[Dataset entries]
=== Begin Enclosure ===

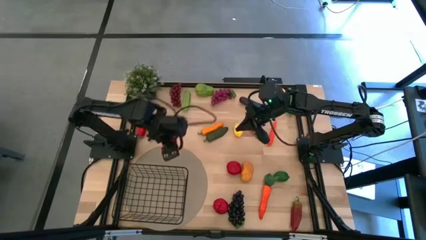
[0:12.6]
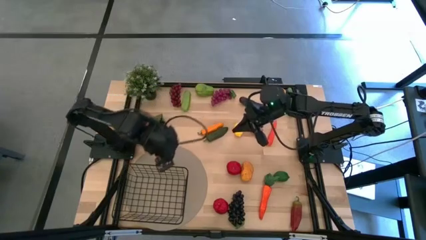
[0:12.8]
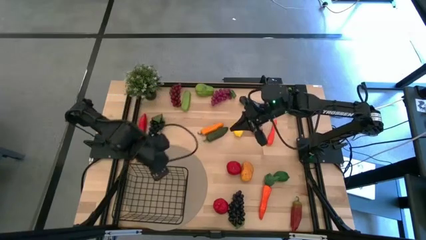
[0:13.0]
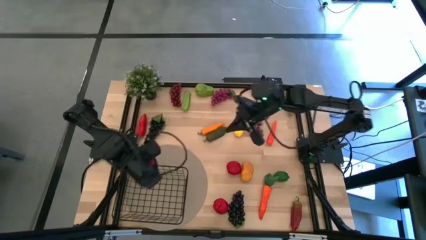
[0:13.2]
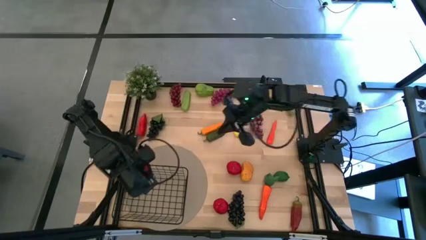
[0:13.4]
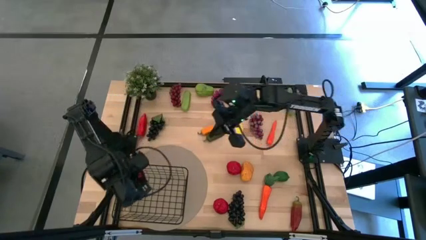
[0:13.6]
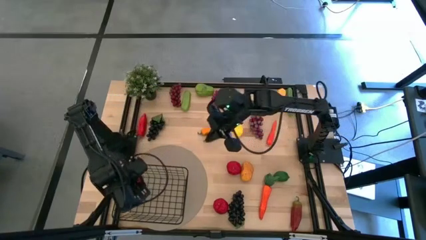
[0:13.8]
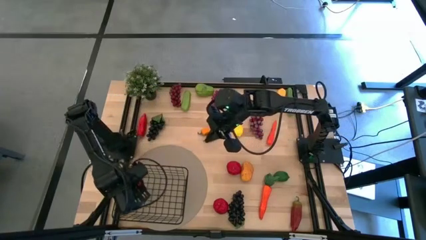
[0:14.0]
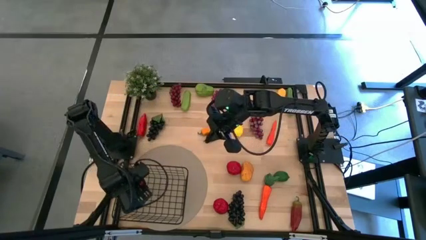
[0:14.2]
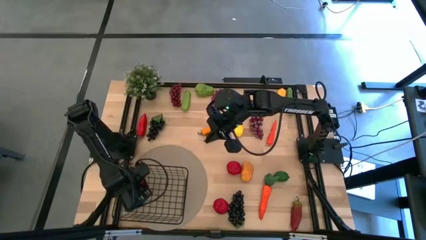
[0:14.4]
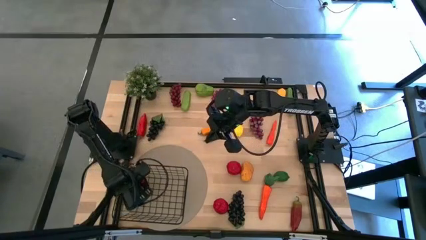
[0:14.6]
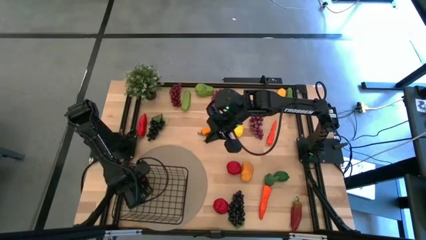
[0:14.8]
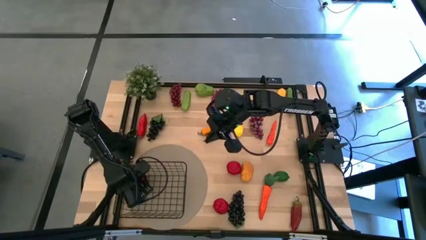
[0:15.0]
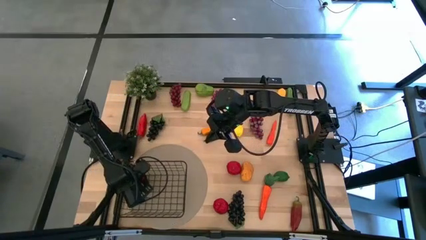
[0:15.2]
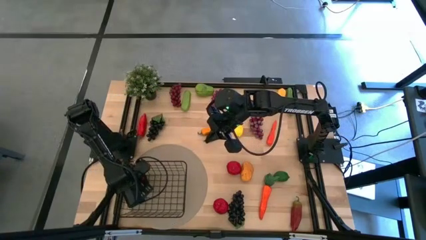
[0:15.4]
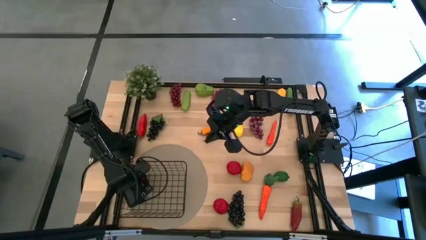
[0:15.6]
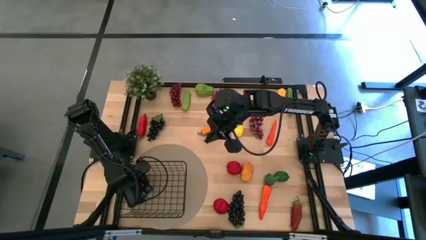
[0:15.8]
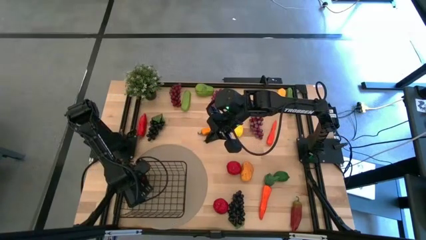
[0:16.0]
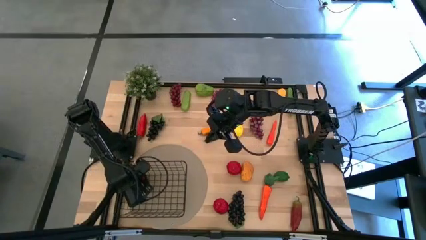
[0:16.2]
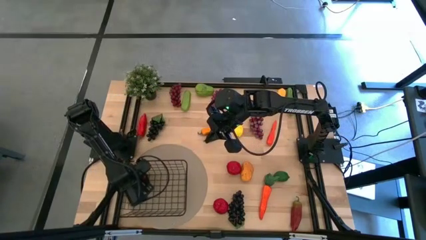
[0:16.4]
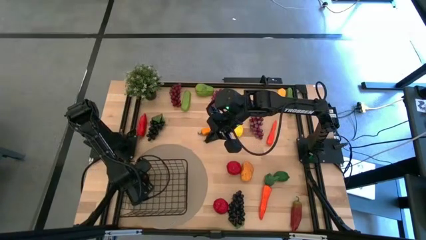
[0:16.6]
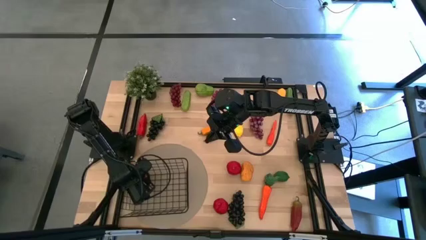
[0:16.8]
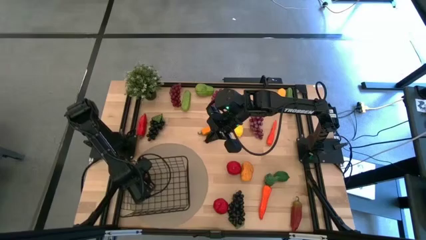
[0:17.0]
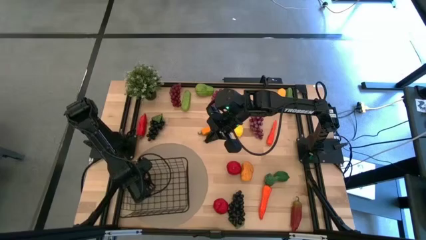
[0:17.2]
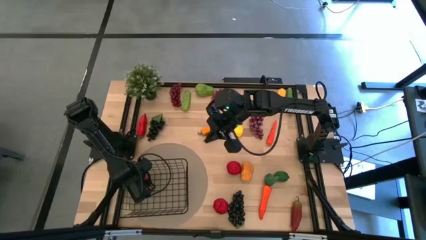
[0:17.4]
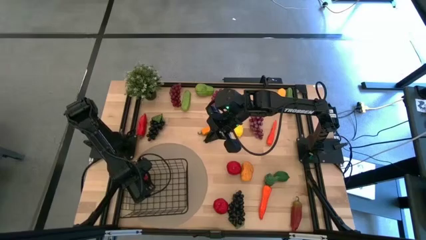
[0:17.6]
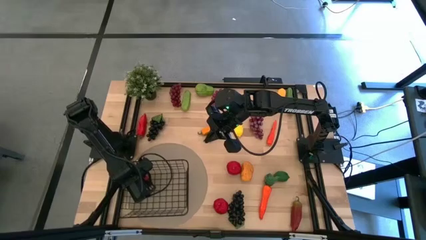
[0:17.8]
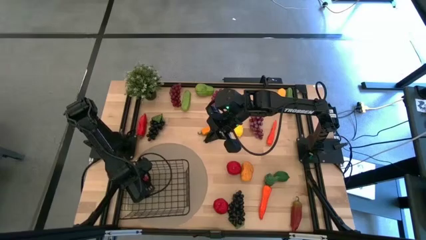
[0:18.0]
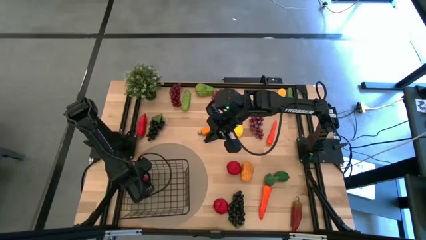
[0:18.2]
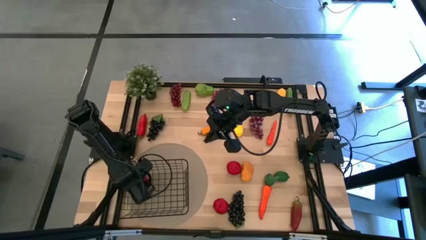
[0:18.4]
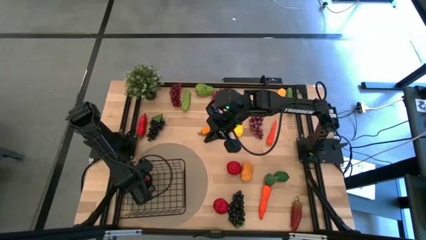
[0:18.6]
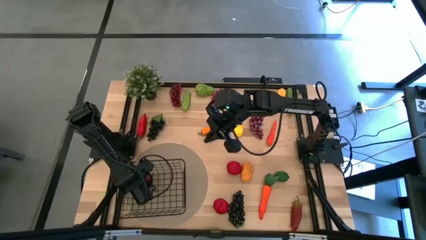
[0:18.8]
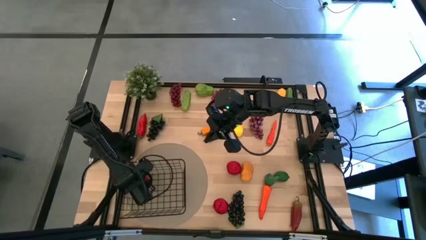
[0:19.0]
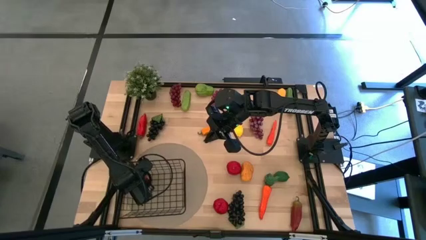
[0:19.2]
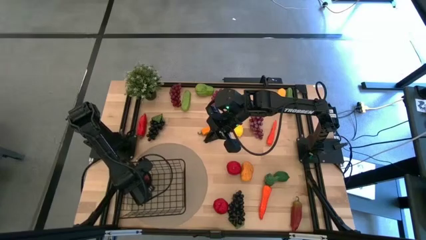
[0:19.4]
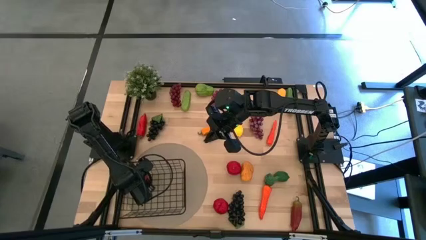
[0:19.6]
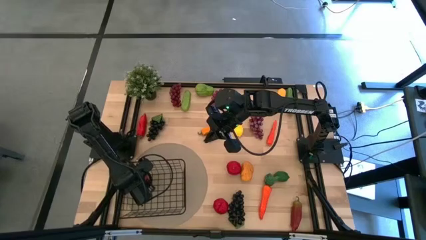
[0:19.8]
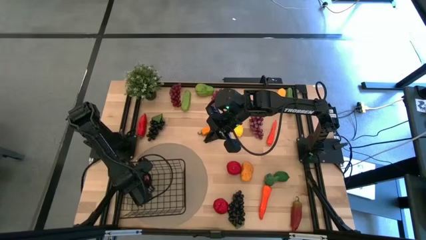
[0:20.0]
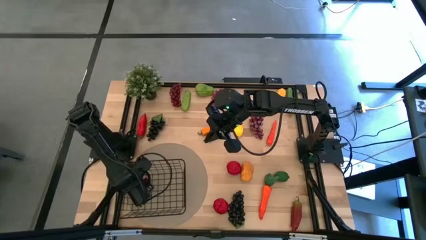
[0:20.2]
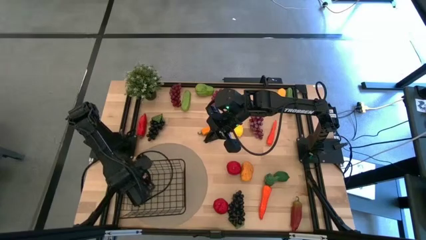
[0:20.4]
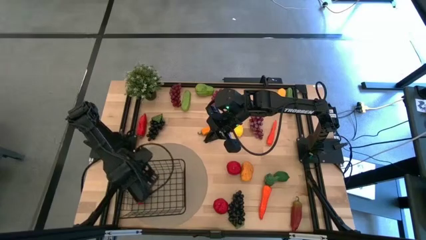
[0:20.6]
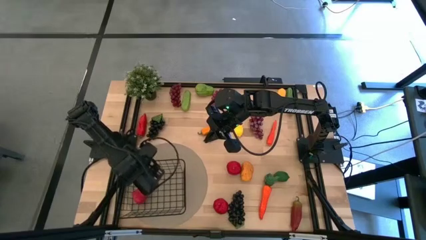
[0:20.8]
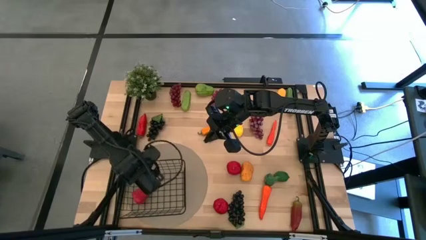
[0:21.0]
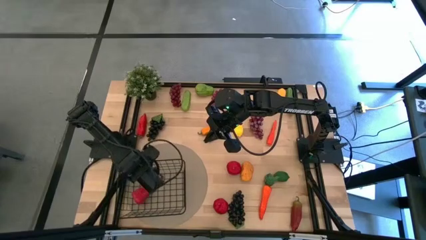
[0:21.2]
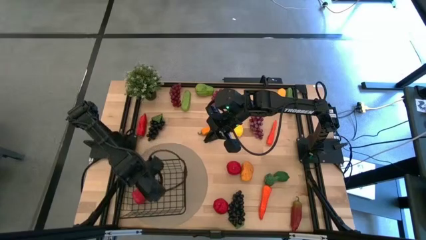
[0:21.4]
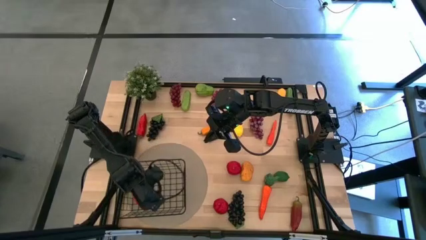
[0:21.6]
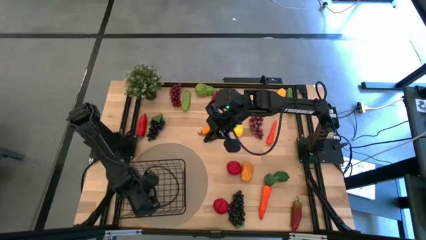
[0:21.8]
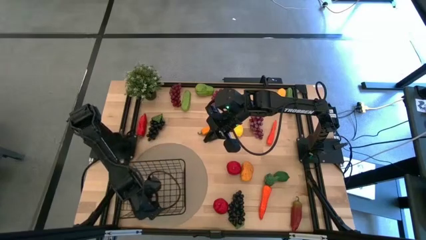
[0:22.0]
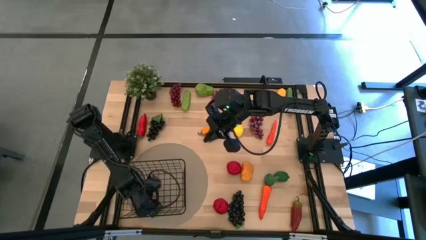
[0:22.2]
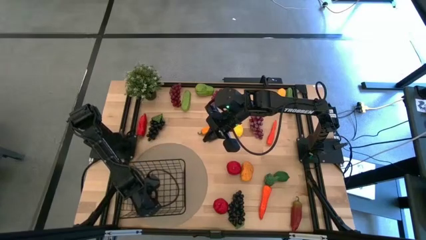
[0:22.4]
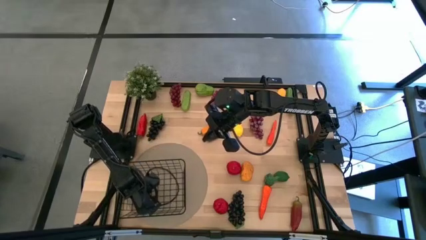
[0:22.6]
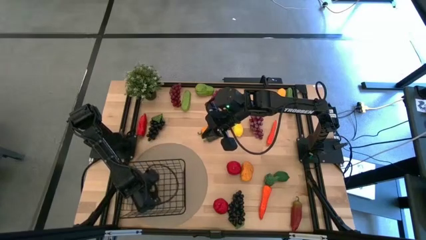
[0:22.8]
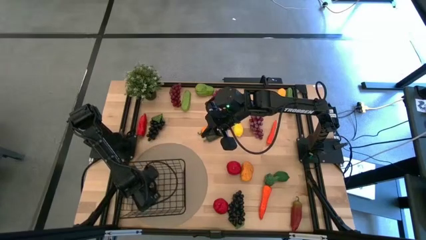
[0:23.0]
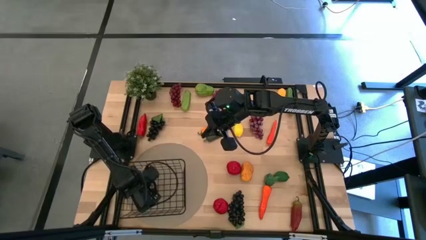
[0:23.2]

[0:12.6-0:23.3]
Task: Build produce basket
Put the red bell pepper into the black wire basket

=== End Enclosure ===

Once the images are removed, print the remaining data exactly as it appears above.

## FINAL ANSWER
[0:12.6]
[0:12.8]
[0:13.0]
[0:13.2]
[0:13.4]
[0:13.6]
[0:13.8]
[0:14.0]
[0:14.2]
[0:14.4]
[0:14.6]
[0:14.8]
[0:15.0]
[0:15.2]
[0:15.4]
[0:15.6]
[0:15.8]
[0:16.0]
[0:16.2]
[0:16.4]
[0:16.6]
[0:16.8]
[0:17.0]
[0:17.2]
[0:17.4]
[0:17.6]
[0:17.8]
[0:18.0]
[0:18.2]
[0:18.4]
[0:18.6]
[0:18.8]
[0:19.0]
[0:19.2]
[0:19.4]
[0:19.6]
[0:19.8]
[0:20.0]
[0:20.2]
[0:20.4]
[0:20.6]
[0:20.8]
[0:21.0]
[0:21.2]
[0:21.4]
[0:21.6]
[0:21.8]
[0:22.0]
[0:22.2]
[0:22.4]
[0:22.6]
[0:22.8]
[0:23.0]
[0:23.2]

[0:12.6-0:23.3]
Task: Build produce basket
Put the red bell pepper into the black wire basket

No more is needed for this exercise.